Source data
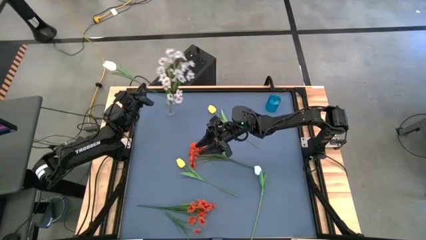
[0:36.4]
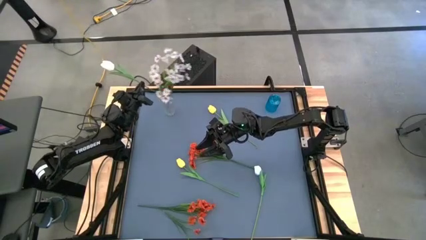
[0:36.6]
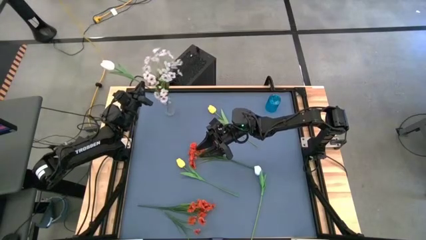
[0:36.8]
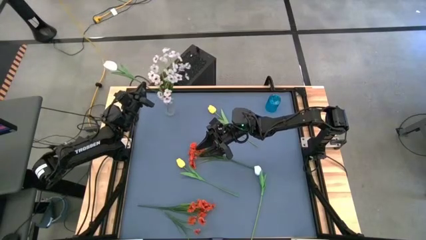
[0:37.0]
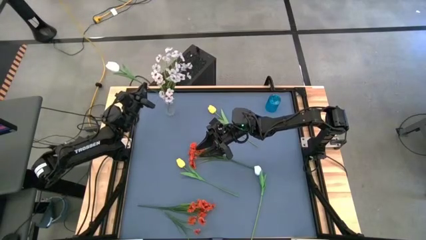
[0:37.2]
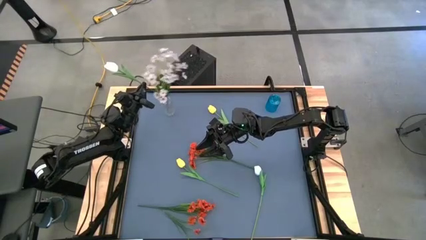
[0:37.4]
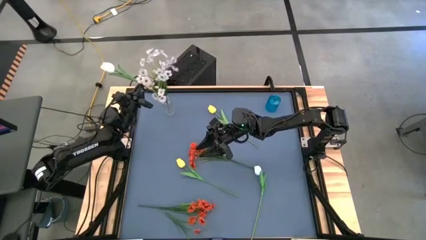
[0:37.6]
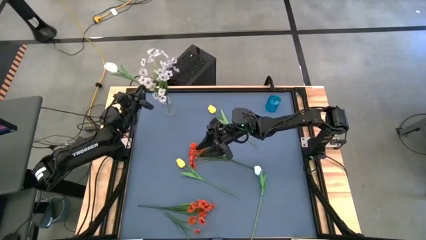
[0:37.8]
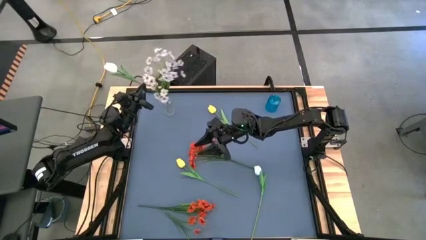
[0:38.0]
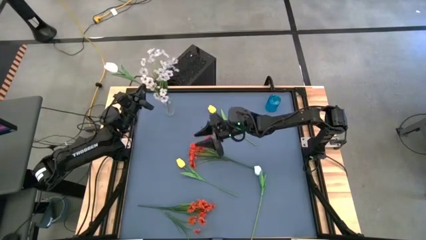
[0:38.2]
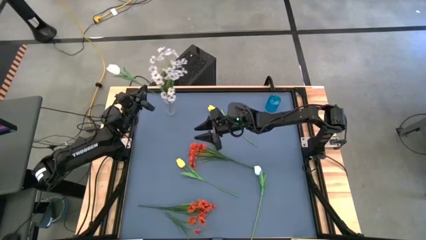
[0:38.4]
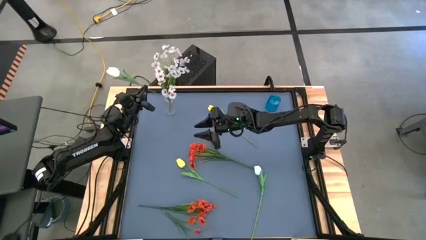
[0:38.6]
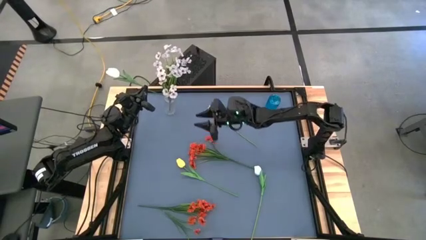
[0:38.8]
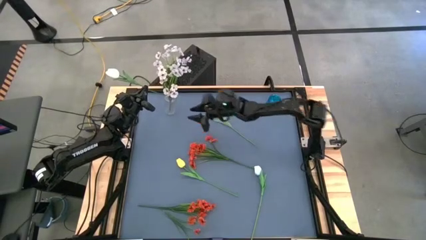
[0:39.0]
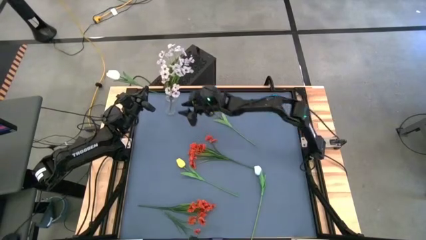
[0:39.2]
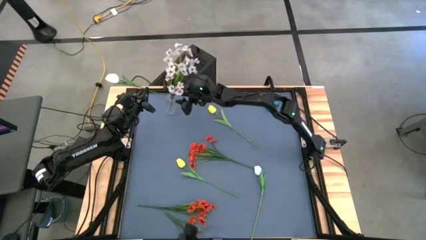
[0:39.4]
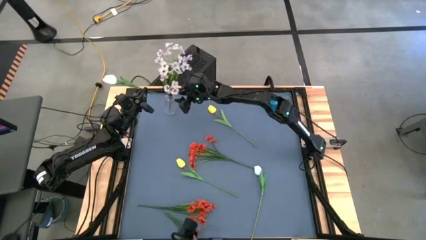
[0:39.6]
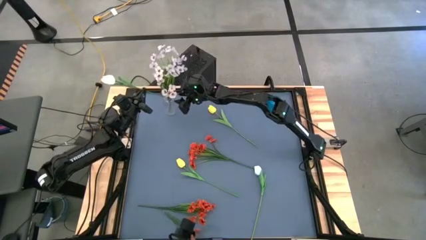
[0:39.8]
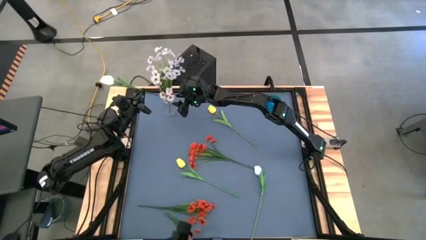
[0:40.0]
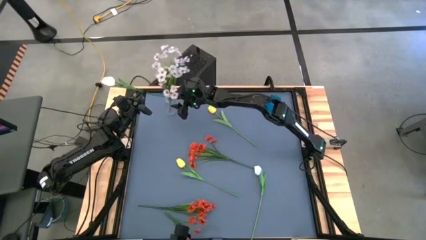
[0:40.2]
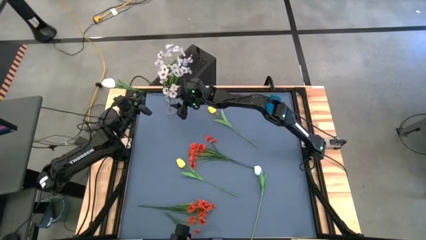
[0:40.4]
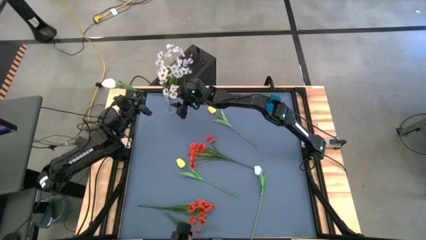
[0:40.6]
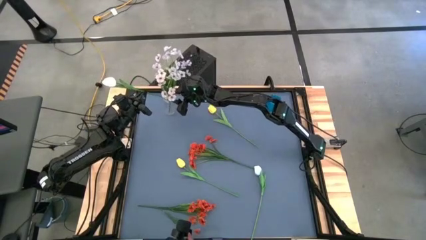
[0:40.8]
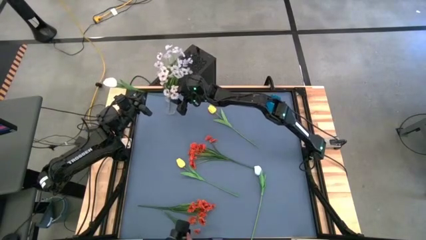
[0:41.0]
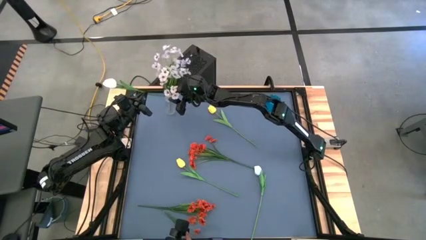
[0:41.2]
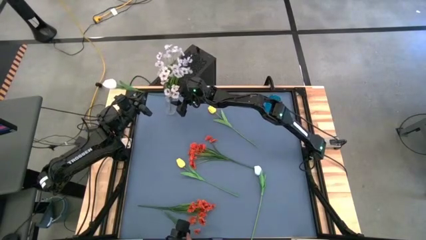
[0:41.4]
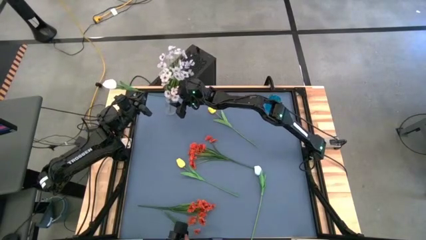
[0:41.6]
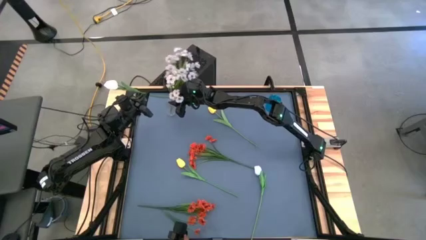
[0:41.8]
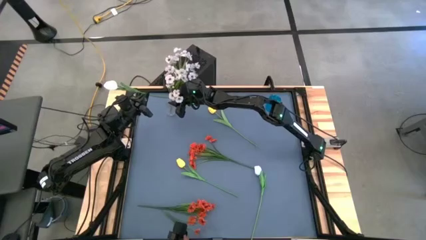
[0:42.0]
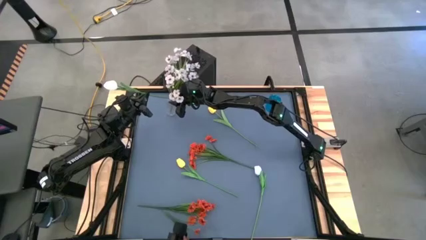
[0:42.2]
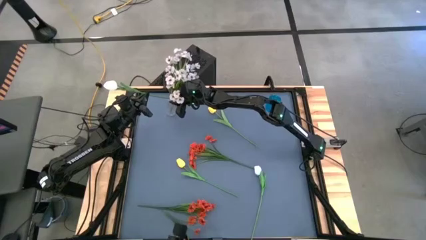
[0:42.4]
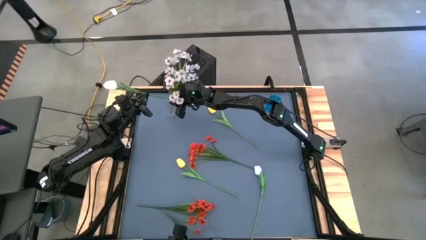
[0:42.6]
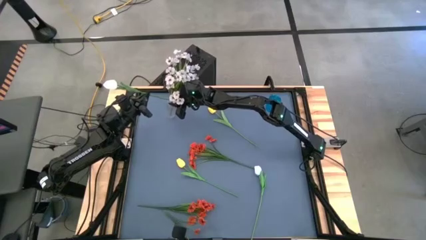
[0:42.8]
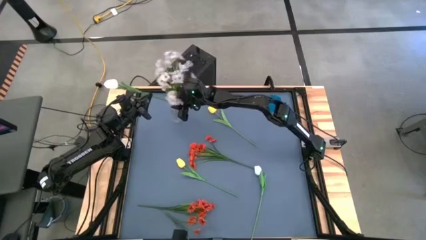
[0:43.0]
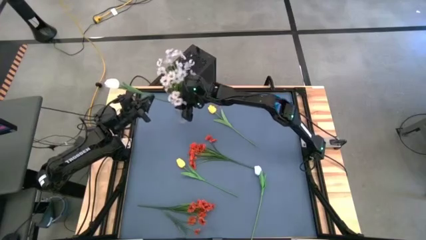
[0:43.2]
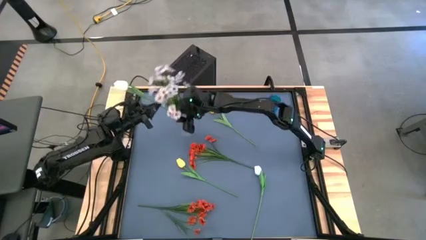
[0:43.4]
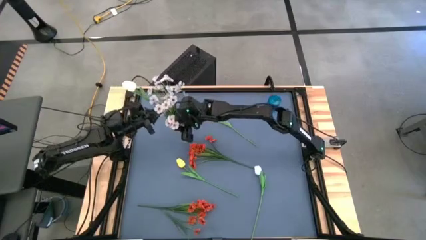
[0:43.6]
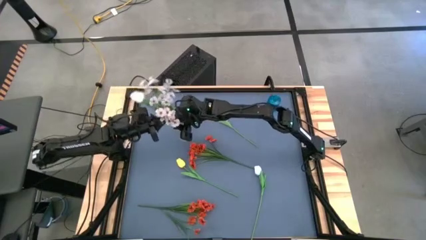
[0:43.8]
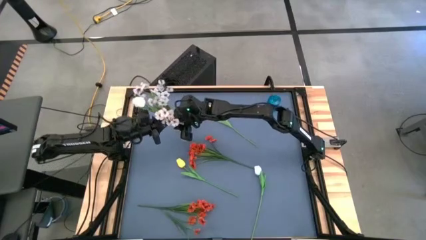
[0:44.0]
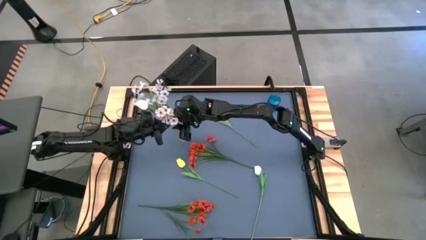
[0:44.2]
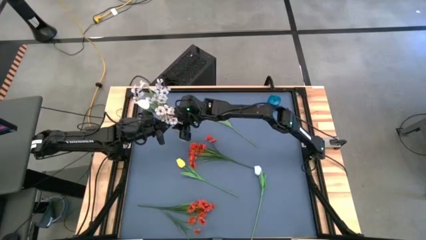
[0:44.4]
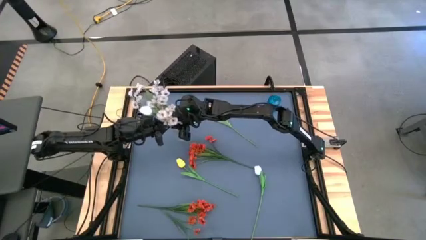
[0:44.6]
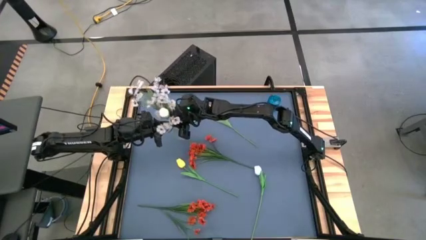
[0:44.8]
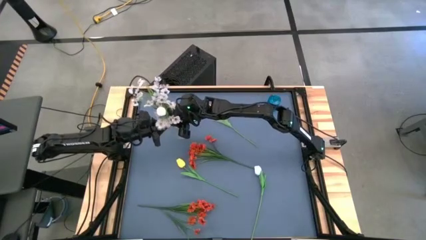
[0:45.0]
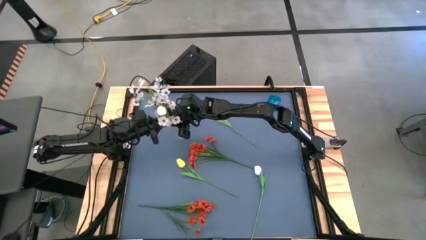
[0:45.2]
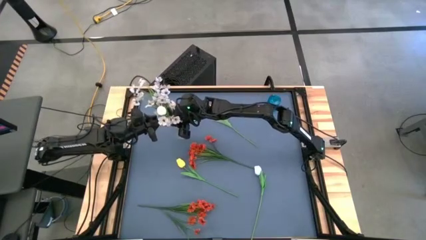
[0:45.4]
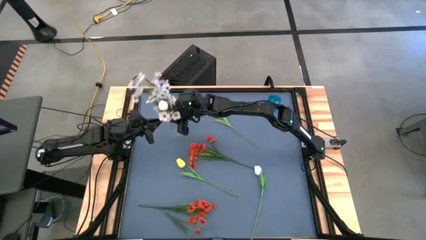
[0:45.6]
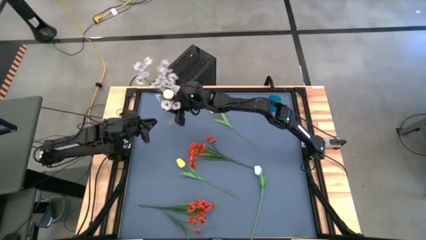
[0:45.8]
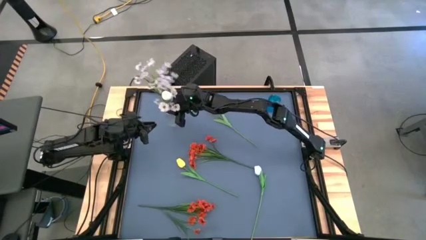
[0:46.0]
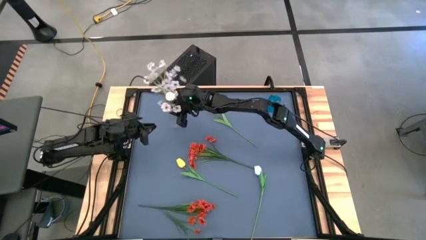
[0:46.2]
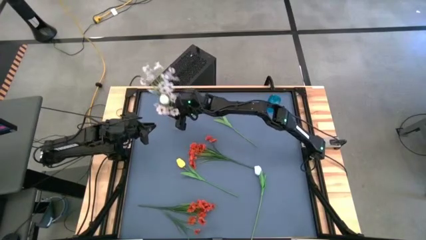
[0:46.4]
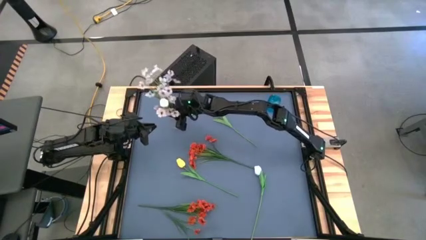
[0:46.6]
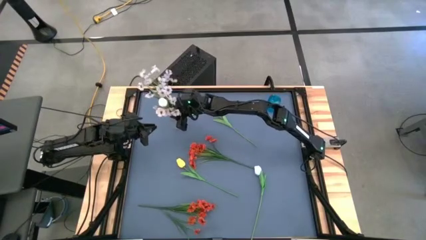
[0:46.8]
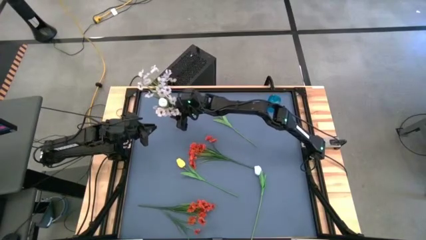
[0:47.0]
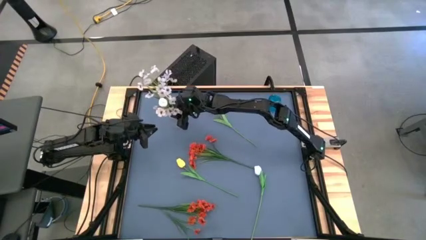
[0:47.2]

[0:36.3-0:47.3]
Task: Sort flowers into vase by color
Put the top white tulip flower into the transparent vase

Task instructions
Each entry is to be given again exactly as it stands, with its pictures removed.

Task output
[0:36.4]
[0:36.6]
[0:36.8]
[0:37.0]
[0:37.2]
[0:37.4]
[0:37.6]
[0:37.8]
[0:38.0]
[0:38.2]
[0:38.4]
[0:38.6]
[0:38.8]
[0:39.0]
[0:39.2]
[0:39.4]
[0:39.6]
[0:39.8]
[0:40.0]
[0:40.2]
[0:40.4]
[0:40.6]
[0:40.8]
[0:41.0]
[0:41.2]
[0:41.4]
[0:41.6]
[0:41.8]
[0:42.0]
[0:42.2]
[0:42.4]
[0:42.6]
[0:42.8]
[0:43.0]
[0:43.2]
[0:43.4]
[0:43.6]
[0:43.8]
[0:44.0]
[0:44.2]
[0:44.4]
[0:44.6]
[0:44.8]
[0:45.0]
[0:45.2]
[0:45.4]
[0:45.6]
[0:45.8]
[0:46.0]
[0:46.2]
[0:46.4]
[0:46.6]
[0:46.8]
[0:47.0]
[0:47.2]

[0:36.3-0:47.3]
Task: Sort flowers into vase by color
Put the top white tulip flower into the transparent vase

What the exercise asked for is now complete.